The output should be every line below, retyped exactly, with no images.

## Data for this exercise

^^^^

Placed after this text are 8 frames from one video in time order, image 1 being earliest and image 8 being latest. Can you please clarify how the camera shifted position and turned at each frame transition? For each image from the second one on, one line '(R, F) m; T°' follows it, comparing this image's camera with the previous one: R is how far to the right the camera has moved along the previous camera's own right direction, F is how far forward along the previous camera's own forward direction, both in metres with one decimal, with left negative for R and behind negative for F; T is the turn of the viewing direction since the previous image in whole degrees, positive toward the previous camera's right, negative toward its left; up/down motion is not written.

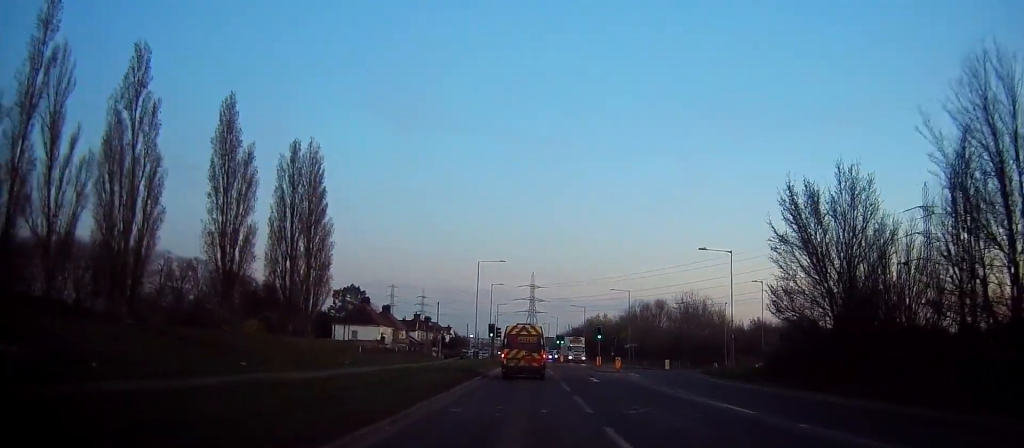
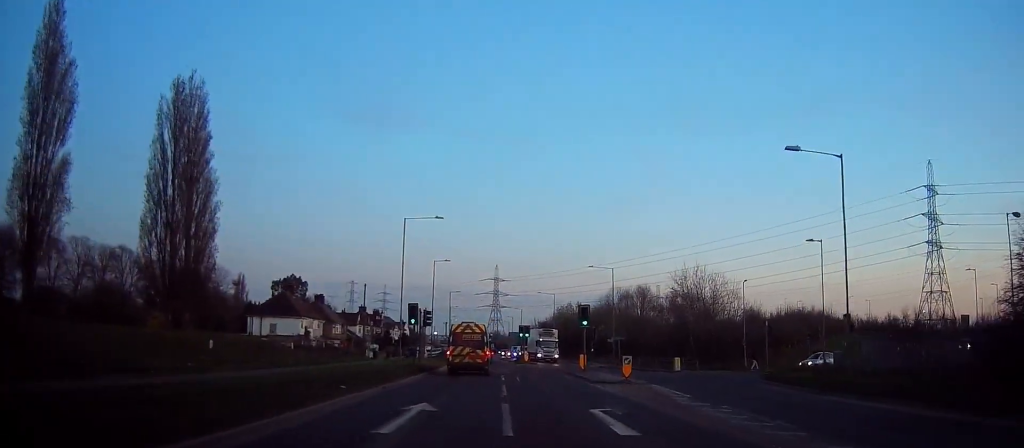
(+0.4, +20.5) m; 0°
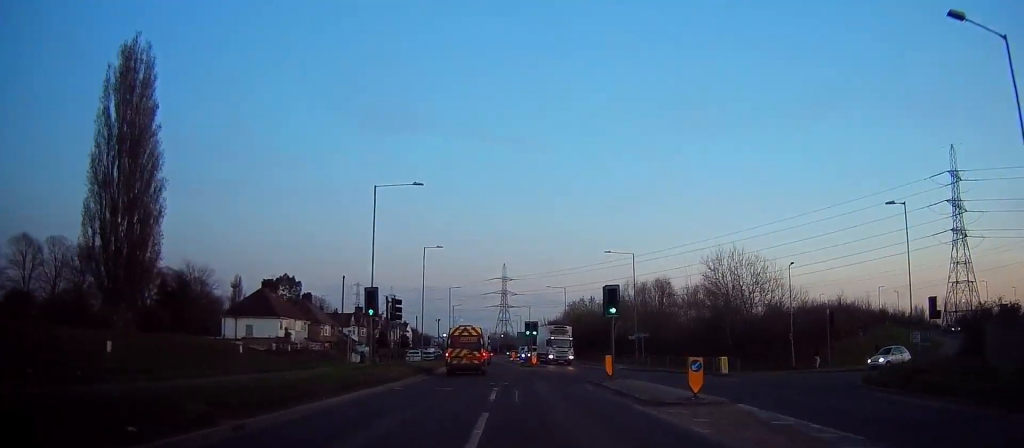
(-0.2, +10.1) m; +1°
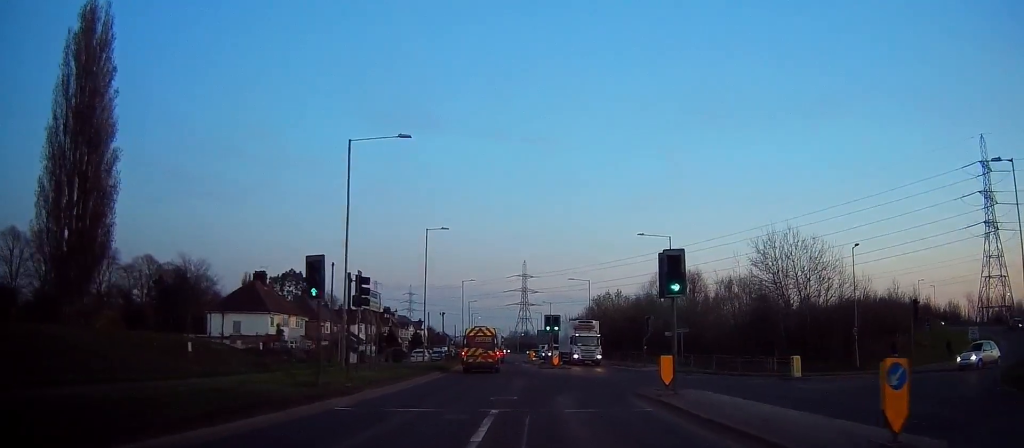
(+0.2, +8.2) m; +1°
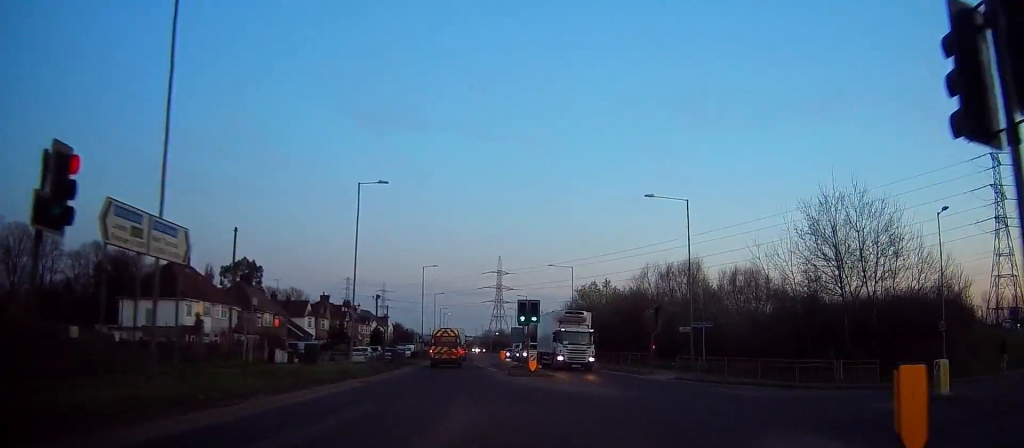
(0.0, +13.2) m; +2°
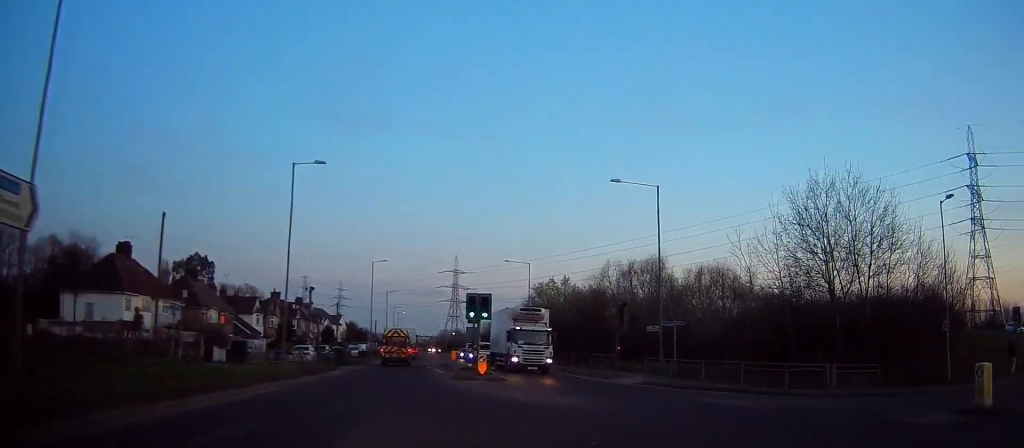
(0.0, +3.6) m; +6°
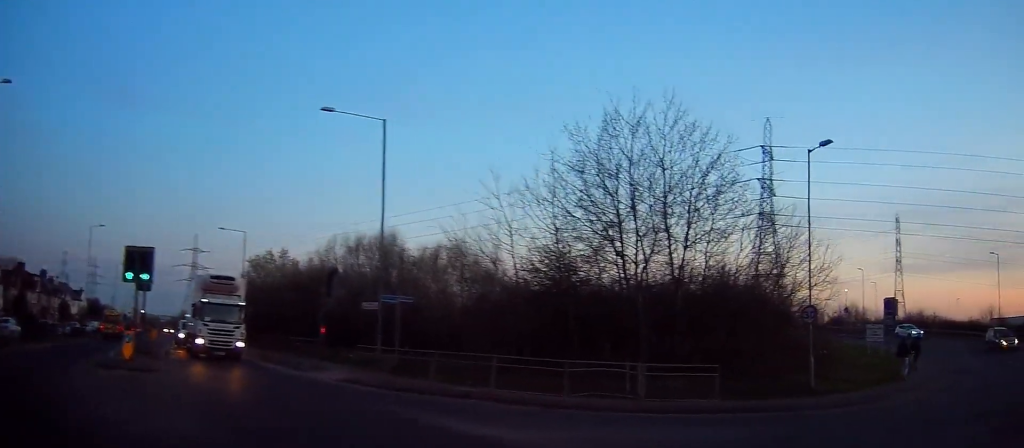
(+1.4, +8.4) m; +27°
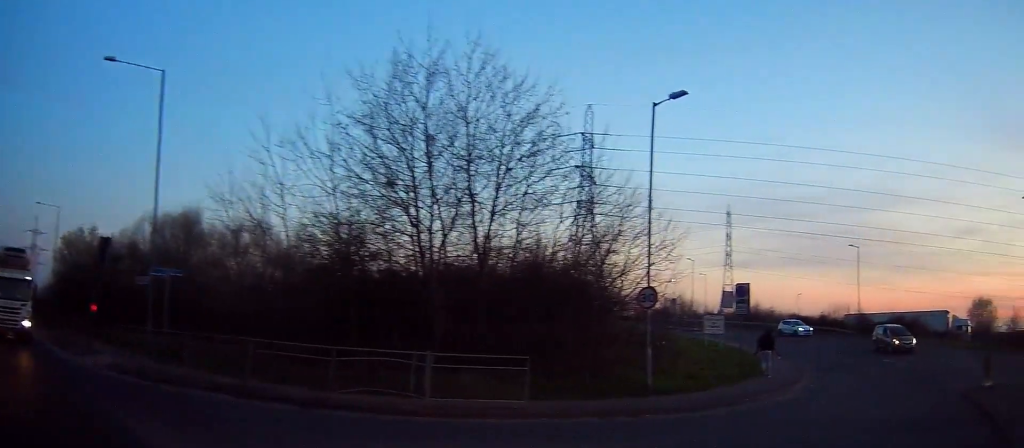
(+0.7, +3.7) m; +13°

^^^^

## Exercise output
Placed after this text are 8 frames from one video in time order, image 1 being earliest and image 8 being latest. Can you please clarify how the camera shifted position and turned at each frame transition? For each image from the second one on, one line '(R, F) m; T°' follows it, comparing this image's camera with the previous one: R is how far to the right the camera has moved along the previous camera's own right direction, F is how far forward along the previous camera's own forward direction, both in metres with one decimal, with left negative for R and behind negative for F; T is the turn of the viewing direction since the previous image in whole degrees, positive toward the previous camera's right, negative toward its left; up/down motion is not written.

(+0.4, +20.5) m; 0°
(-0.2, +10.1) m; +1°
(+0.2, +8.2) m; +1°
(0.0, +13.2) m; +2°
(0.0, +3.6) m; +6°
(+1.4, +8.4) m; +27°
(+0.7, +3.7) m; +13°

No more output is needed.